> **TASK TO COMPLETE**
Below, find the line containing "10.2 s after image 1."; from there to the final line, print every line exactly and skip the pictures.

Dataset records:

BEGIN

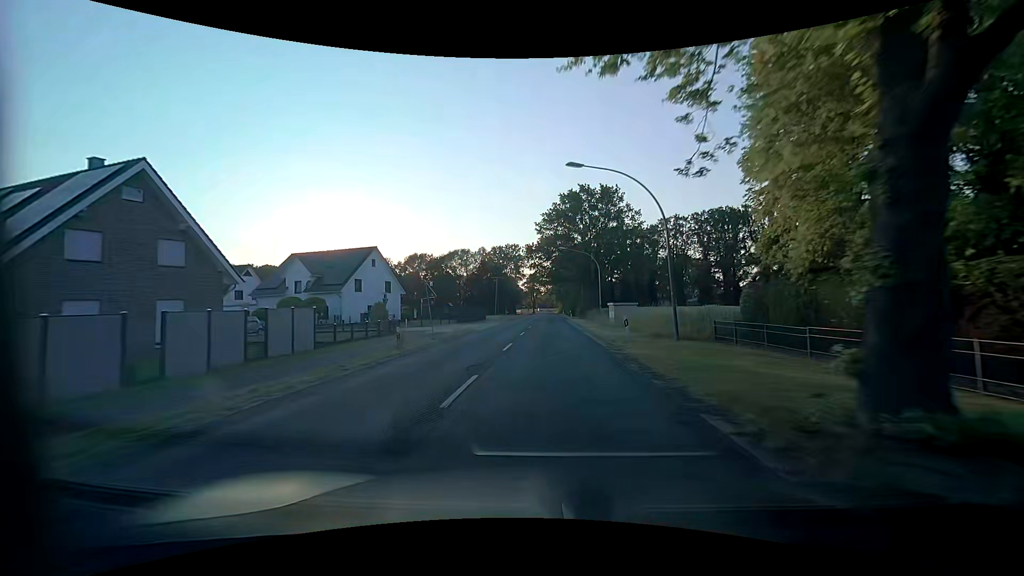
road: secondary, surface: asphalt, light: Day
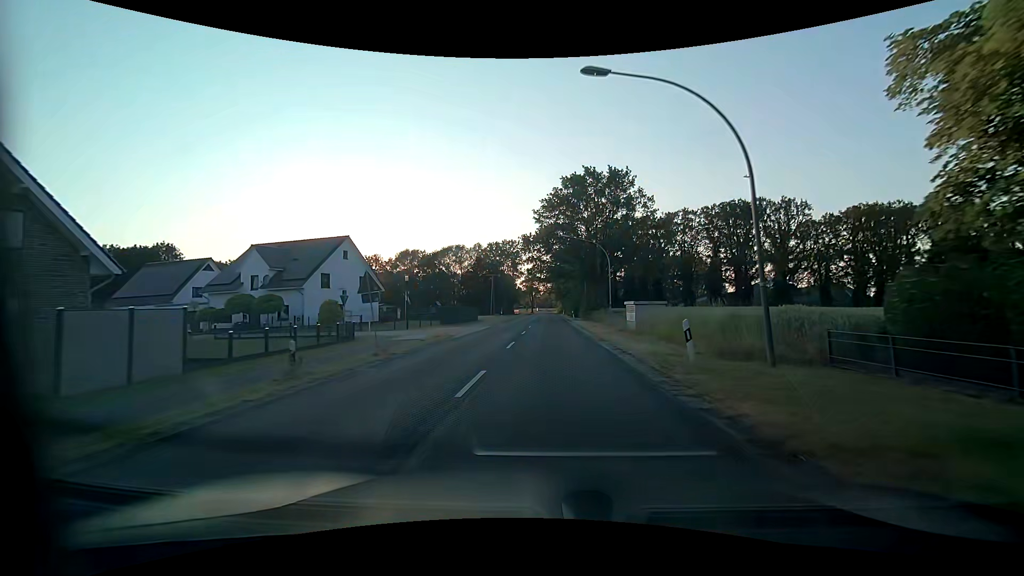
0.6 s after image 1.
(+0.1, +8.2) m; +1°
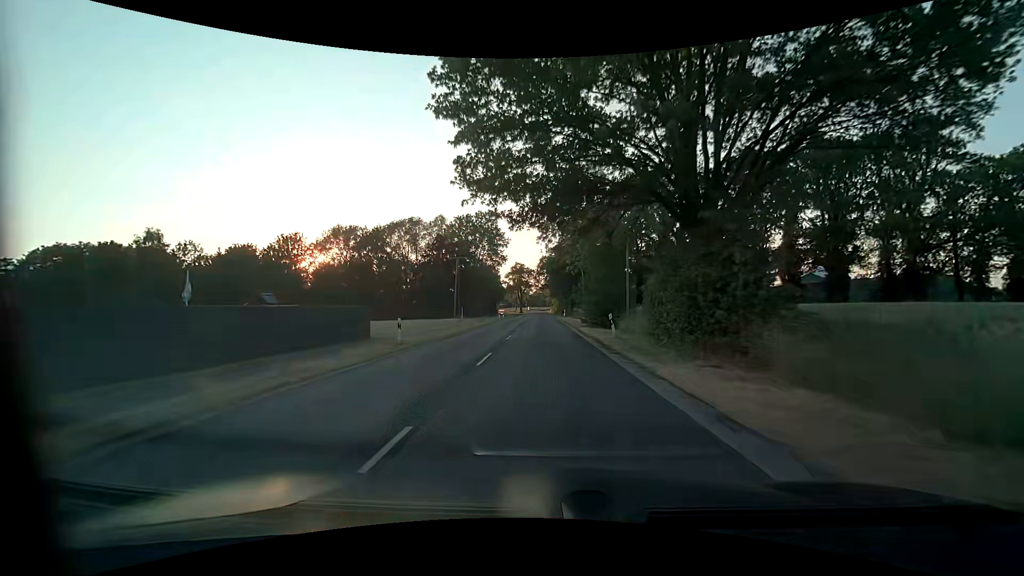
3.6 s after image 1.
(0.0, +41.1) m; 0°
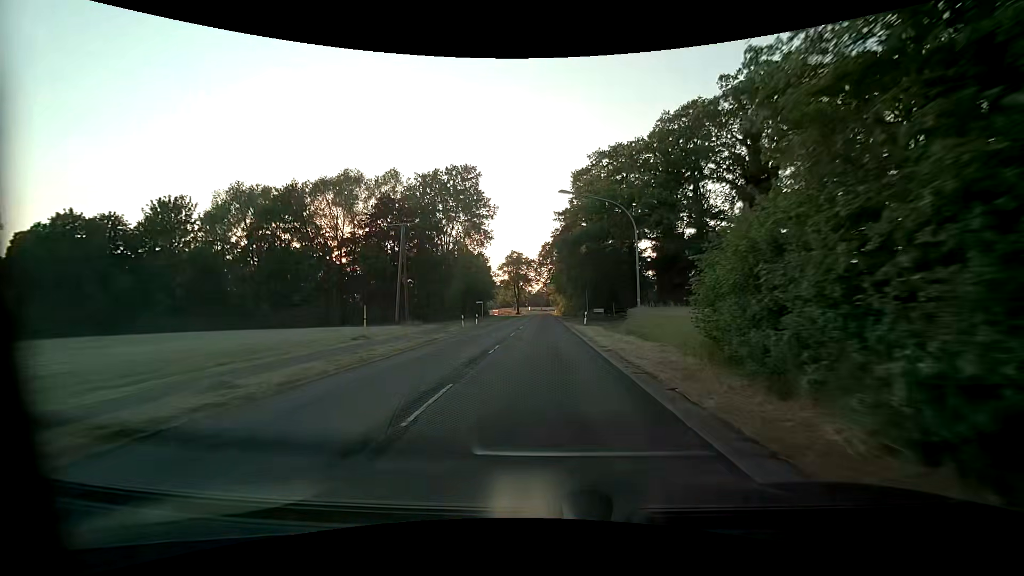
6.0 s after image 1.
(-0.1, +32.9) m; -1°
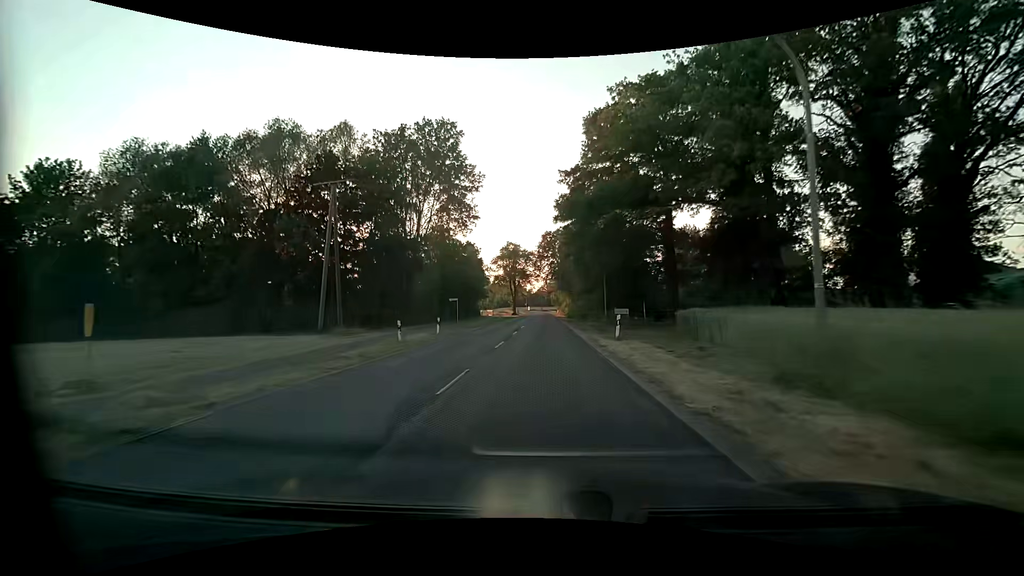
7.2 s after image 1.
(+0.1, +16.5) m; 0°
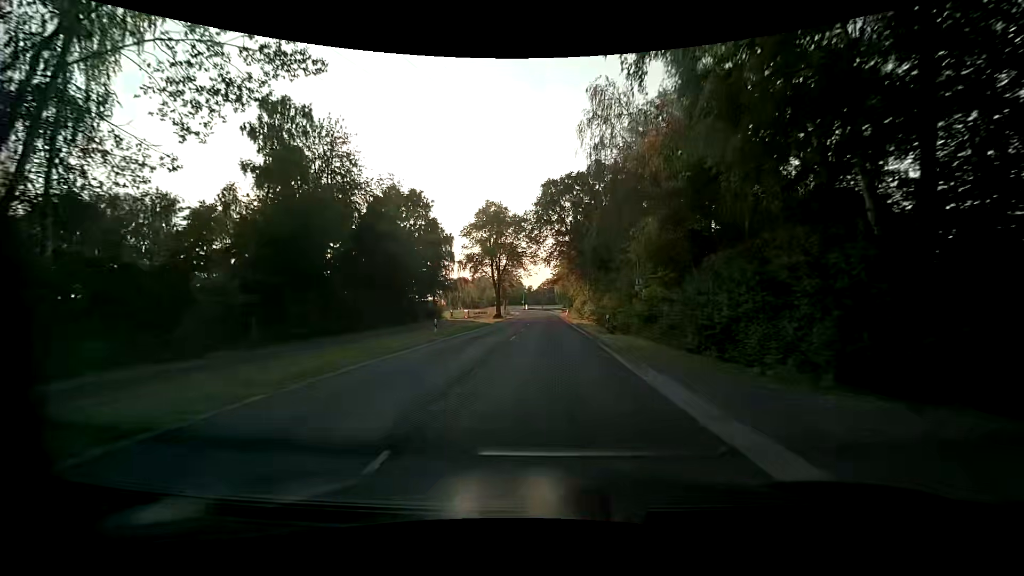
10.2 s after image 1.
(-0.2, +41.4) m; 0°
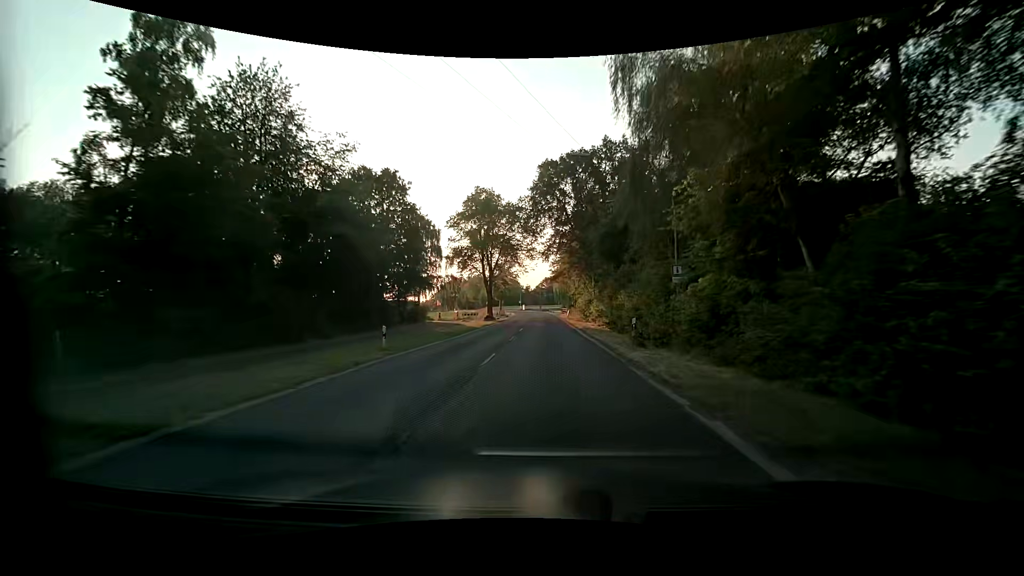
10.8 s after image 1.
(0.0, +8.3) m; +1°
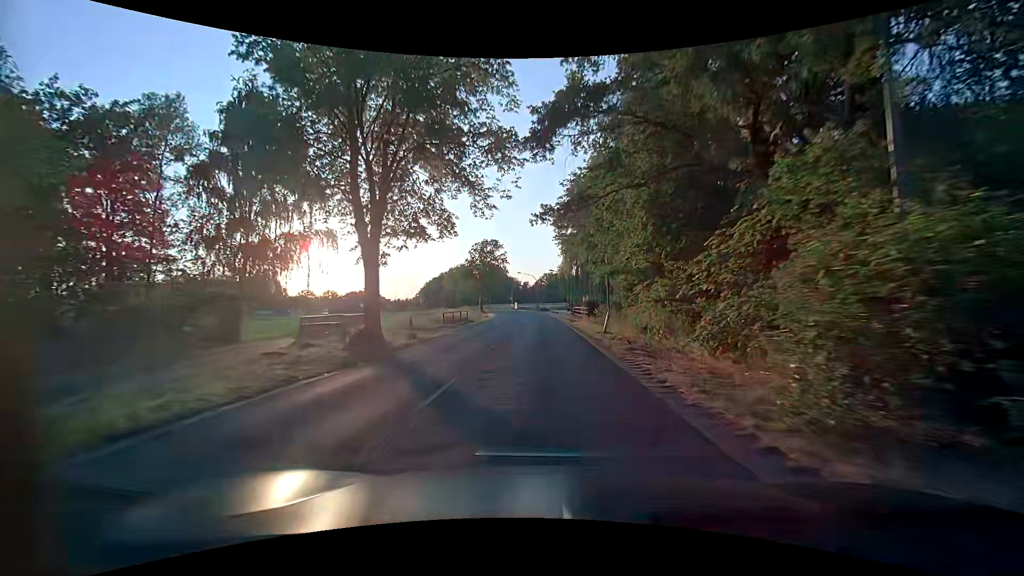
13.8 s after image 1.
(-0.5, +41.3) m; -1°
(0, +10) (0, +20) (0, +30) (0, +40) (0, +50) (-1, +60) (-1, +70) (-2, +80) (-4, +90) (-5, +100) m

END

> **TASK ANSWER**
10.2 s after image 1.
(-0.2, +41.4) m; 0°
10.8 s after image 1.
(0.0, +8.3) m; +1°
13.8 s after image 1.
(-0.5, +41.3) m; -1°
(0, +10) (0, +20) (0, +30) (0, +40) (0, +50) (-1, +60) (-1, +70) (-2, +80) (-4, +90) (-5, +100) m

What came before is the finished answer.